Generally when developing an ETL process, if you have to replace a value from a source with a corresponding value, you should use a lookup table. For example, if you were replacing a country abbreviation with the full name of the country, you could have a simple 2 column table with the abbreviation in one column and the full name in the other. By using a lookup table it becomes very easy to update values, enter new ones, or possibly delete obsolete ones. This also gives you the added benefit of being able to reuse your lookup table if you need to in other places. But what if you have a small group of items (say a dozen or less) that you need to replace? In that case you might want to look at using Pentaho’s Value Mapper component.

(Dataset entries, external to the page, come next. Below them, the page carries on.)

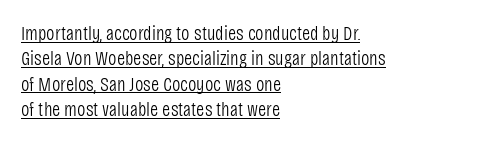
{"italic": "no", "bold": "no", "underline": "yes", "align": "left", "line_spacing": "normal", "line_spacing_ratio": 1.27, "letter_spacing": "normal", "letter_spacing_em": 0.0, "glyph_px": 20}
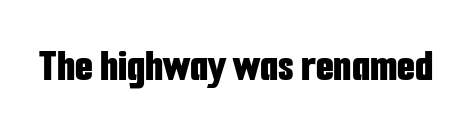
Q: Is the text bold? A: Yes.
Q: Is the text italic (slanted)? A: No, it is upright.
Q: Is the typeface a serif or a sans-serif typeface? A: Sans-serif.
Q: Is the text underlined? A: No.
Q: Is the spacing between letters normal or unusually wide? A: Normal.
Q: Width (condensed, normal, or wide)? A: Condensed.
Q: Stroke contrast? A: Low.
Q: x-height? A: Medium.
Q: Monospaced? A: No.
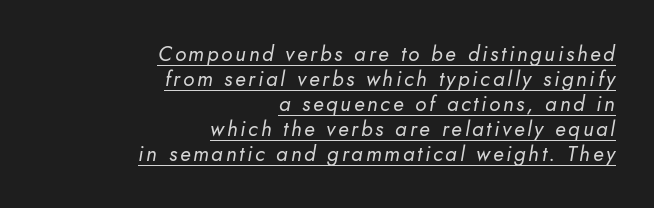
The image shows 21 px text type, italic (leaning right); set right-aligned, line spacing 1.19x, underlined.
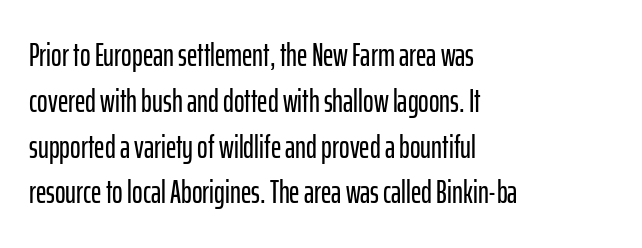
{"serif": "no", "italic": "no", "width": "condensed", "stroke_contrast": "low", "x_height": "medium", "monospaced": "no", "underline": "no", "align": "left", "line_spacing": "normal", "line_spacing_ratio": 1.43, "letter_spacing": "normal", "letter_spacing_em": 0.0, "glyph_px": 32}
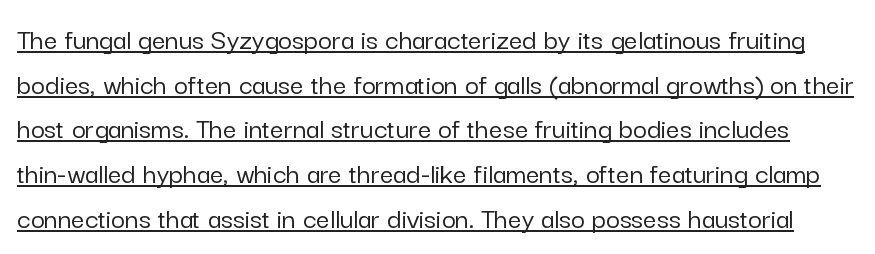
Q: Is the text italic (slanted)? A: No, it is upright.
Q: Is the typeface a serif or a sans-serif typeface? A: Sans-serif.
Q: Is the text underlined? A: Yes.
Q: Is the spacing between letters normal or unusually wide? A: Normal.
Q: Is the spacing between lines tight, normal or loose? A: Normal.
Q: Width (condensed, normal, or wide)? A: Normal.
Q: Stroke contrast? A: Low.
Q: x-height? A: Medium.
Q: Monospaced? A: No.
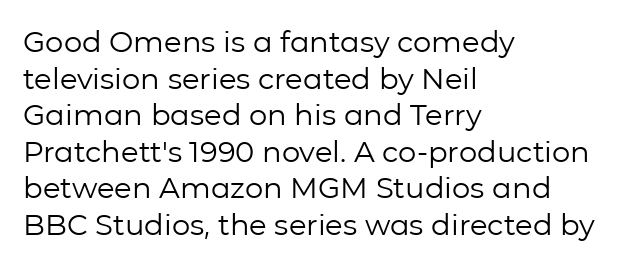
{"serif": "no", "italic": "no", "bold": "no", "weight": "regular", "width": "normal", "stroke_contrast": "low", "x_height": "medium", "monospaced": "no", "underline": "no", "align": "left", "line_spacing": "normal", "line_spacing_ratio": 1.26, "letter_spacing": "normal", "letter_spacing_em": 0.0, "glyph_px": 29}

For this example, I am using a simple MySQL database I have, containing books I read, and the month and year when I read them (yes I am a geek). The source table can be created with this code:
CREATE TABLE `booksread` ( `Title` varchar(74) DEFAULT NULL, `Author` varchar(33) DEFAULT NULL, `Rating` varchar(6) DEFAULT NULL, `MonthRead` varchar(9) DEFAULT NULL, `YearRead` varchar(15) DEFAULT NULL ) ENGINE=InnoDB DEFAULT CHARSET=latin1;
With the table created, I start a new Pentaho transformation with a connection defined to this database. I drag a Table Input step and a Text file output component to the work area. Between them, I drag a Value Mapper component from the Transform node in the Design panel, and connect them together like this:
The Table Input is fairly generic, with a Select on the various fields. If you preview the table input, you would see the month name in the source (January, February,etc).The text file output component accepts all of the defaults except the output is written to the desktop.
Opening the Value Mapper, in the header area, I identified the source field I want to replace by selecting it from the drop down list. The target field name can remain empty if you are replacing the existing field, or a new field name can be supplied. Then a default value can be specified in the event that none of the values you define are found. Think of it as an ELSE value.
After that I have entered in the values that I would expect to see along with the value I want to replace them with. For January, replace it with 1, for February replace with 2, and so on. The finished result looks like this:Save the transformation and run it. As long as everything is defined correctly a new text file will be created with a number replacing the month name in the output.